Les solutions numériques explosent
En fait, selon M. de Brabant, dans l’ensemble de l’économie chinoise, les détaillants qui restent «attractifs» sont les marques qui ont adopté des solutions numériques. «Les ventes numériques ont augmenté de manière significative dans toutes les catégories pendant la pandémie», écrit-il.
Ainsi, les entreprises qui ont lancé ou amélioré les nouveaux canaux d’interactions avec les consommateurs ont récolté le fruit de leurs efforts.
Par exemple, Nike, qui a augmenté ses ventes en ligne de 36%, a utilisé les services de blogueurs sur Taobao (un site d’achat en ligne, propriété d’Alibaba) pour relancer ses activités en Chine.

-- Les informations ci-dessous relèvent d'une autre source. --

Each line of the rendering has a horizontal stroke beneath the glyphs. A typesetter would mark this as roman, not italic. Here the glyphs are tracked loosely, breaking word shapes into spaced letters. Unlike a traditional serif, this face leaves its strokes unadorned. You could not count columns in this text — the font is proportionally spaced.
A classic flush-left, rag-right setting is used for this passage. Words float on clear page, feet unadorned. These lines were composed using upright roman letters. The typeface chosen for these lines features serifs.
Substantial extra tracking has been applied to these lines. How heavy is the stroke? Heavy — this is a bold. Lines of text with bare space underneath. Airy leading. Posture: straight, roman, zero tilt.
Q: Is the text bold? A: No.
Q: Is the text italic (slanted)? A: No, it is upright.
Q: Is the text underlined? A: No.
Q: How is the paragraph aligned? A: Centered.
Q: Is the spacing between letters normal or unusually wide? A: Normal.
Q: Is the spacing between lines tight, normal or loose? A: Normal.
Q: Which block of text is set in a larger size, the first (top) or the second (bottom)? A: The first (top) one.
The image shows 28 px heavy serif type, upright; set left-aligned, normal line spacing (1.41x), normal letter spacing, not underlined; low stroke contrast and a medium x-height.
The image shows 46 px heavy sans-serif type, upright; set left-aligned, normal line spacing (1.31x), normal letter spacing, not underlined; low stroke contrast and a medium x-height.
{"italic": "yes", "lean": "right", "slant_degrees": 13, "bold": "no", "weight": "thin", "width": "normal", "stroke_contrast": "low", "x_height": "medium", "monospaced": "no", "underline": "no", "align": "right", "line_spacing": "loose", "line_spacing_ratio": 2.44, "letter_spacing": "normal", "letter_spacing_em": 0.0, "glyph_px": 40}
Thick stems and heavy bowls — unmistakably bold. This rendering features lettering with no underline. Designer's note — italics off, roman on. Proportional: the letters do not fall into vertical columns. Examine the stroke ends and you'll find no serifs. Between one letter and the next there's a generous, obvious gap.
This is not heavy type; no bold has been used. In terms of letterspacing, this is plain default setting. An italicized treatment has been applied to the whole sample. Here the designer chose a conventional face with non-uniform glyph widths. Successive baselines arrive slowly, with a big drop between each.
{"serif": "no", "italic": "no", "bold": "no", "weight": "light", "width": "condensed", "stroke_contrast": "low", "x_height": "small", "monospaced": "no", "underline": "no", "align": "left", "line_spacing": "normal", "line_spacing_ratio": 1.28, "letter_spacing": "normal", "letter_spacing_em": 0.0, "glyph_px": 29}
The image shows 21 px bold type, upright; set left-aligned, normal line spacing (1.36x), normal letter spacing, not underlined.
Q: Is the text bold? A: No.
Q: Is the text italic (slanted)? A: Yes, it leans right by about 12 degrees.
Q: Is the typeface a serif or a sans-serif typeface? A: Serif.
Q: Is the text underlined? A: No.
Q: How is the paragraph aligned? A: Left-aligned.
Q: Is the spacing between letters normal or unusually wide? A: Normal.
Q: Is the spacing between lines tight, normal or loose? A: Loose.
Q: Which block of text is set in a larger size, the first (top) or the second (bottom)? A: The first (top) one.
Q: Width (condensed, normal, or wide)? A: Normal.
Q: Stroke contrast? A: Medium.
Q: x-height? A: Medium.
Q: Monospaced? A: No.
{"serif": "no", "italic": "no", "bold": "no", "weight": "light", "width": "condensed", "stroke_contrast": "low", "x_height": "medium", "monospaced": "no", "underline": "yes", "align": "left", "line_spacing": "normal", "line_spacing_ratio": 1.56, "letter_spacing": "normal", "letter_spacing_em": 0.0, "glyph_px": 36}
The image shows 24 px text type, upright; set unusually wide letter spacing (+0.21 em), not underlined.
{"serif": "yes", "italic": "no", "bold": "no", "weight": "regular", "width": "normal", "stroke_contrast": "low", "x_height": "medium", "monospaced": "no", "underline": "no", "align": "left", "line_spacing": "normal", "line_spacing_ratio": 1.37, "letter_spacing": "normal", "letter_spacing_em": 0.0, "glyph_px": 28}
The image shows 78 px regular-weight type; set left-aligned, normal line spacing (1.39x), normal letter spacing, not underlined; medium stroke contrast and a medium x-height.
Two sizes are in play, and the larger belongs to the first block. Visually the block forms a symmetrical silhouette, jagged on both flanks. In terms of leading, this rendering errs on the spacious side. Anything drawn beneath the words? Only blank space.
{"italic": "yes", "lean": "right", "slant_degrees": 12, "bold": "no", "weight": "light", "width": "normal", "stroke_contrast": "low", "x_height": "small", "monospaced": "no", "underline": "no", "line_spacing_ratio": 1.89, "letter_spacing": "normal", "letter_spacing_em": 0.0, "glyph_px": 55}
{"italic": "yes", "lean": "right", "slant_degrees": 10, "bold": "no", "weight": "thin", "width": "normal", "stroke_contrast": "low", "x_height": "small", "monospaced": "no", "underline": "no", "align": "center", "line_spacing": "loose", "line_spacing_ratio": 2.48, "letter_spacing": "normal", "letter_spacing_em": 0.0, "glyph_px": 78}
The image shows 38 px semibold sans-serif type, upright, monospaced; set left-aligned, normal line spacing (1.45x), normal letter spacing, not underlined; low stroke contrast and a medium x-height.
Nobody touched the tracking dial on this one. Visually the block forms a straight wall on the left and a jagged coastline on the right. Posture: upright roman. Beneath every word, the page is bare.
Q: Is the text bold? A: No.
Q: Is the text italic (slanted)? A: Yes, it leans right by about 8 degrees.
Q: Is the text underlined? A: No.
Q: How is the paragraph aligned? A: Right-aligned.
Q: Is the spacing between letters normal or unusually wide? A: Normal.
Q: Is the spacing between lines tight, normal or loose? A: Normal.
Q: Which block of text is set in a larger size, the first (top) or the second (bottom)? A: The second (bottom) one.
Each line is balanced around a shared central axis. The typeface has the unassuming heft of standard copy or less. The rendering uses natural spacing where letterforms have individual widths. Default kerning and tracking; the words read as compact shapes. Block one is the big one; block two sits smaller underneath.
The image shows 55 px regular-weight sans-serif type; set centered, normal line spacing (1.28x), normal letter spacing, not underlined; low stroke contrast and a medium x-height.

En fait, selon McKinsey, les détaillants ont tout intérêt à changer de paradigme: «Plutôt que de demander quels sont les avantages de leur présence digitale qu’on peut utiliser dans le réseau physique, les détaillants devraient se demander comment leur présence physique peut soutenir les ventes numériques.»
Mobiliser, ravir, surprendre
Selon M. de Brabant, une autre stratégie semble être efficace, soit la mise en oeuvre d’initiatives axées sur les consommateurs «qui engagent, ravissent, surprennent et montrent que l’on se soucie d’eux».
Le 8 mars, lors de la Journée internationale de la femme, des marques internationales comme L’Oréal, Shiseido et Lululemon, grâce à des initiatives axées sur le consommateur, ont vu leur chiffre d’affaires augmenter considérablement par rapport à 2019.
«Une initiative intéressante a été celle de Chando, une marque de beauté chinoise locale», fait remarquer M. de Brabant.
Cette entreprise a lancé un court-métrage numérique sur la femme Mulan moderne (Mulan est une guerrière des légendes chinoises, dont Disney vient de lui consacrer un film) axé sur les héroïnes de la Covid 19, et ce, des professionnelles de la santé aux aides communautaires en passant par les policières et les bénévoles.
Selon le Jing Daily, une publication chinoise spécialisée dans l’industrie du luxe, ce court-métrage avait déjà récolté 7,4 millions de vues au 10 mars.
Les leçons de Starbucks en Chine
Comme la plupart des détaillants, Starbucks a pâti de la pandémie de la Covid-19 en janvier et février en Chine.
Au début d’avril, la société a annoncé qu’elle avait rouvert 95% de ses établissements dans le pays, et ce, avec des réductions heures et places limitées conformément aux réglementations locales.
Si les ventes baissent toujours, elles diminuent toutefois de moins en vite, note M. de Brabant.
«En février, les ventes des magasins comparables ont diminué de 78%, suivi d’une légère amélioration en mars avec une baisse des ventes de 64%. On note néanmoins que la dernière semaine de mars a vu les ventes baisser de seulement 42%, indiquant 7 semaines d’amélioration successive», précise-t-il.
Pour améliorer ses performances commerciales pendant la crise, Starbucks a mis les bouchées doubles sur les commandes mobiles en Chine.
Au cours de la dernière semaine de février, elles ont représenté environ 80% du mix des ventes, avec 30% de commandes en ligne et de livraisons à domicile, et 50% de commandes et paiements mobiles avec ramassage à la porte du magasin. Au cours de la dernière semaine de mars, avec le retour du trafic en magasin, les commandes mobiles représentaient toujours 27% du mix des ventes de Starbucks.
«Ces leçons en matière de sécurité et d’hygiène, de commerce numérique, et de nouvelles options de ramassage sont en train d’être mises en place dans leurs opérations nord-américaines», souligne M. de Brabant.